** Your assignment **
Collect all lines from the listing that include the string "sans".

** Records for processing **
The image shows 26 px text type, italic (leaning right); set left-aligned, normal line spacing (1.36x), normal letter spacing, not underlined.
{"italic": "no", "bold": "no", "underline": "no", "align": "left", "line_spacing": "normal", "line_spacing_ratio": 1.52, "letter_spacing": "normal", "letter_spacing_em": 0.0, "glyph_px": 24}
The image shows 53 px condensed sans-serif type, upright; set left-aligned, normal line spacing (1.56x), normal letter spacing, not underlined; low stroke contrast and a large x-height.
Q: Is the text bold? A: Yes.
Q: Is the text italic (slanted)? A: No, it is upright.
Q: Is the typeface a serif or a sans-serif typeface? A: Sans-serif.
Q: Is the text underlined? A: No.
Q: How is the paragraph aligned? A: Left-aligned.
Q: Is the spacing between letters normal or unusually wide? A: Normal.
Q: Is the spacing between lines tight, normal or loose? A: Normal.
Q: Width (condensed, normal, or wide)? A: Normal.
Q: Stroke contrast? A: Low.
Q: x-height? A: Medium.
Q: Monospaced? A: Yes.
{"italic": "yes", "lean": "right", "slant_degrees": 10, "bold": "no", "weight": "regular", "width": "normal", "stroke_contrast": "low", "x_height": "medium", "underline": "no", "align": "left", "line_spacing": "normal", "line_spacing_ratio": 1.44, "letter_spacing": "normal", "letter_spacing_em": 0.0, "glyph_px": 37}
* * *
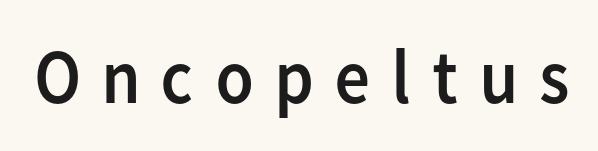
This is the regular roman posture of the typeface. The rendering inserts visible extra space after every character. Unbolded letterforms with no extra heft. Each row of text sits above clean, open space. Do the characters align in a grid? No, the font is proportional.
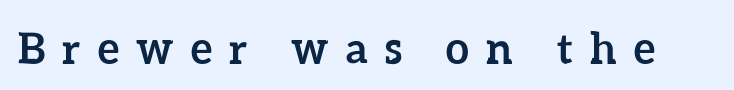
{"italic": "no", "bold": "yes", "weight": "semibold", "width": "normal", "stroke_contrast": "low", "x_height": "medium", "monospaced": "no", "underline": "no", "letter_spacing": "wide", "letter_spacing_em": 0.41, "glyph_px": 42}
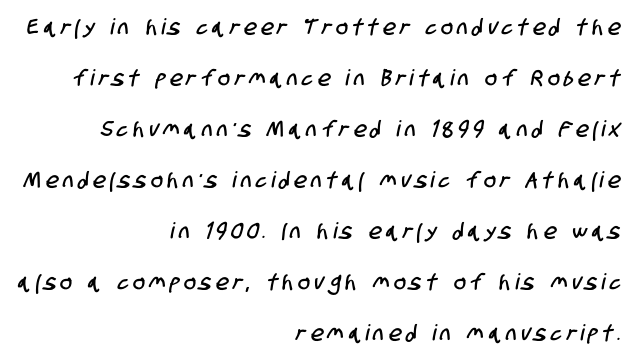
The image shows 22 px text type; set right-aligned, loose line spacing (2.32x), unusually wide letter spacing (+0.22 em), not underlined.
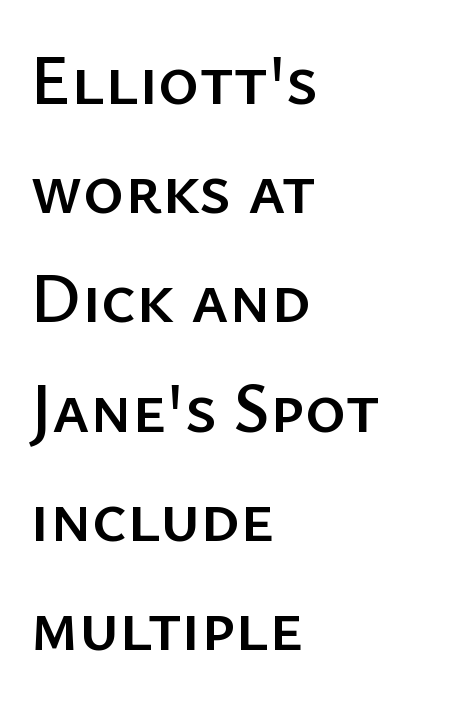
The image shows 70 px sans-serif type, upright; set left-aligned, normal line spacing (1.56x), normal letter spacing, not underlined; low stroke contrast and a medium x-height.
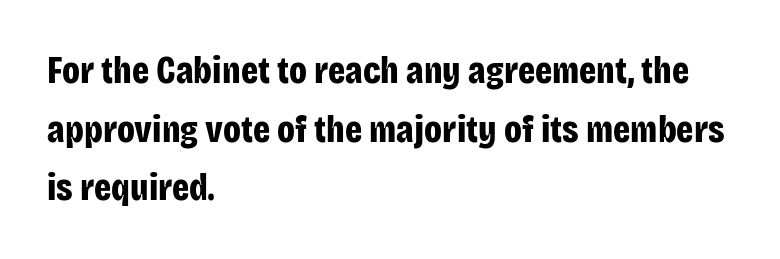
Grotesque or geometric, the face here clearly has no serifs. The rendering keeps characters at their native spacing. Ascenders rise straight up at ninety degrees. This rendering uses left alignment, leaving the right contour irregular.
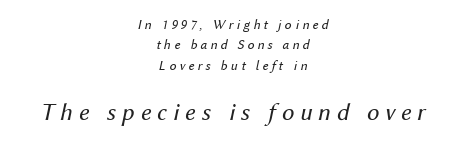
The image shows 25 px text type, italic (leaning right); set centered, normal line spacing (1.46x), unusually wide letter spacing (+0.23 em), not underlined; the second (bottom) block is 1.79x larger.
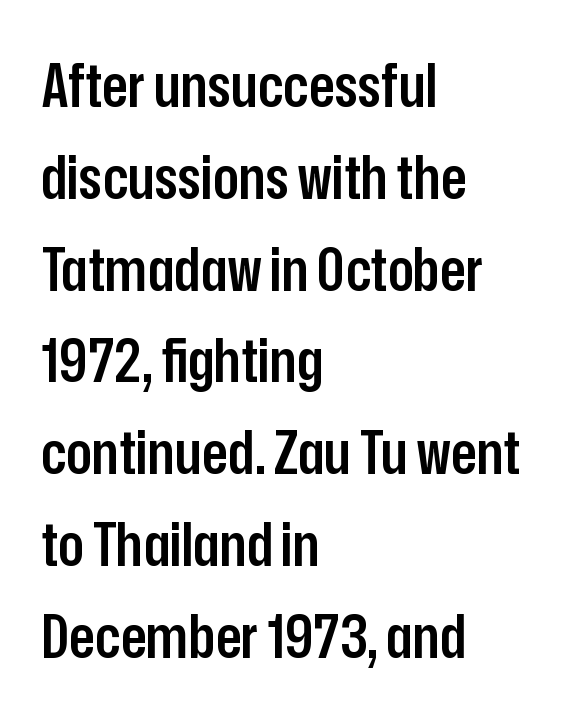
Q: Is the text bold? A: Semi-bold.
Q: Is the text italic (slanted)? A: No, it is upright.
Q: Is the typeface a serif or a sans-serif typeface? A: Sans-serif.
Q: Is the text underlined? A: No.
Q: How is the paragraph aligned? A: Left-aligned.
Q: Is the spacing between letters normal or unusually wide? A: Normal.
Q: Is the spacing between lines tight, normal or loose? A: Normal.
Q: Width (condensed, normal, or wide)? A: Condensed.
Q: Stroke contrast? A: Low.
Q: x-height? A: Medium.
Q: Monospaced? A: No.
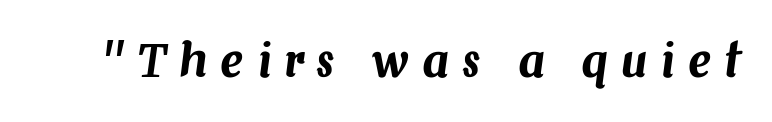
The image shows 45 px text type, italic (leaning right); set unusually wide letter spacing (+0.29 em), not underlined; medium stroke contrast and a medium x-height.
==
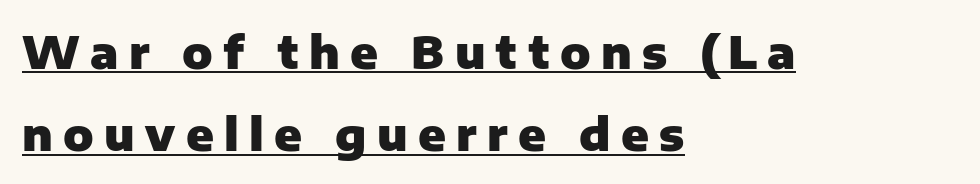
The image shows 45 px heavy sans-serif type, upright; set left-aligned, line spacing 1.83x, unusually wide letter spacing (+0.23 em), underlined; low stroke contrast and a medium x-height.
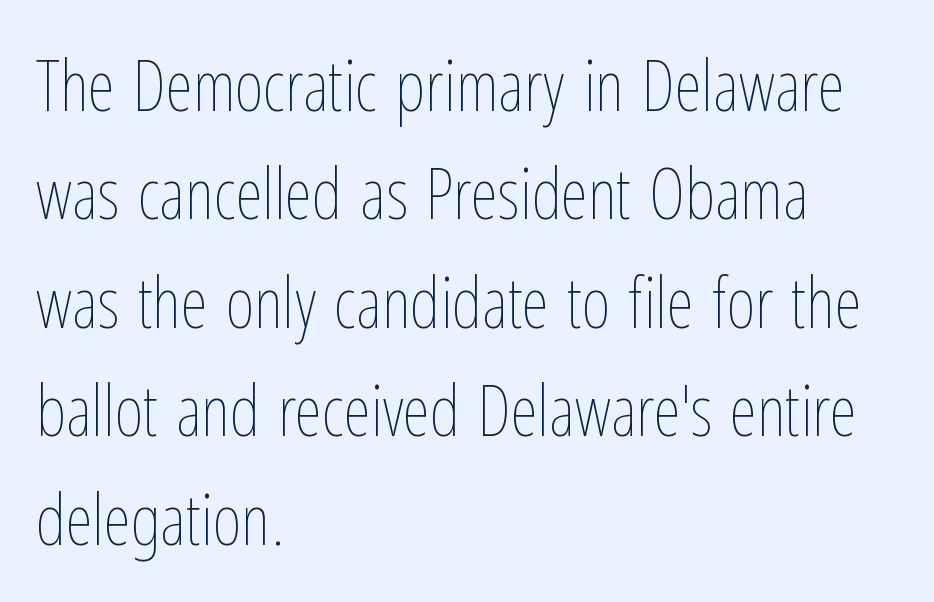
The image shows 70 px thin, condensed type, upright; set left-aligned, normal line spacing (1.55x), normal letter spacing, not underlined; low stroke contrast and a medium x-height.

** Written response **
The image shows 53 px condensed sans-serif type, upright; set left-aligned, normal line spacing (1.56x), normal letter spacing, not underlined; low stroke contrast and a large x-height.
Q: Is the typeface a serif or a sans-serif typeface? A: Sans-serif.
The image shows 70 px sans-serif type, upright; set left-aligned, normal line spacing (1.56x), normal letter spacing, not underlined; low stroke contrast and a medium x-height.
Q: Is the typeface a serif or a sans-serif typeface? A: Sans-serif.
The image shows 45 px heavy sans-serif type, upright; set left-aligned, line spacing 1.83x, unusually wide letter spacing (+0.23 em), underlined; low stroke contrast and a medium x-height.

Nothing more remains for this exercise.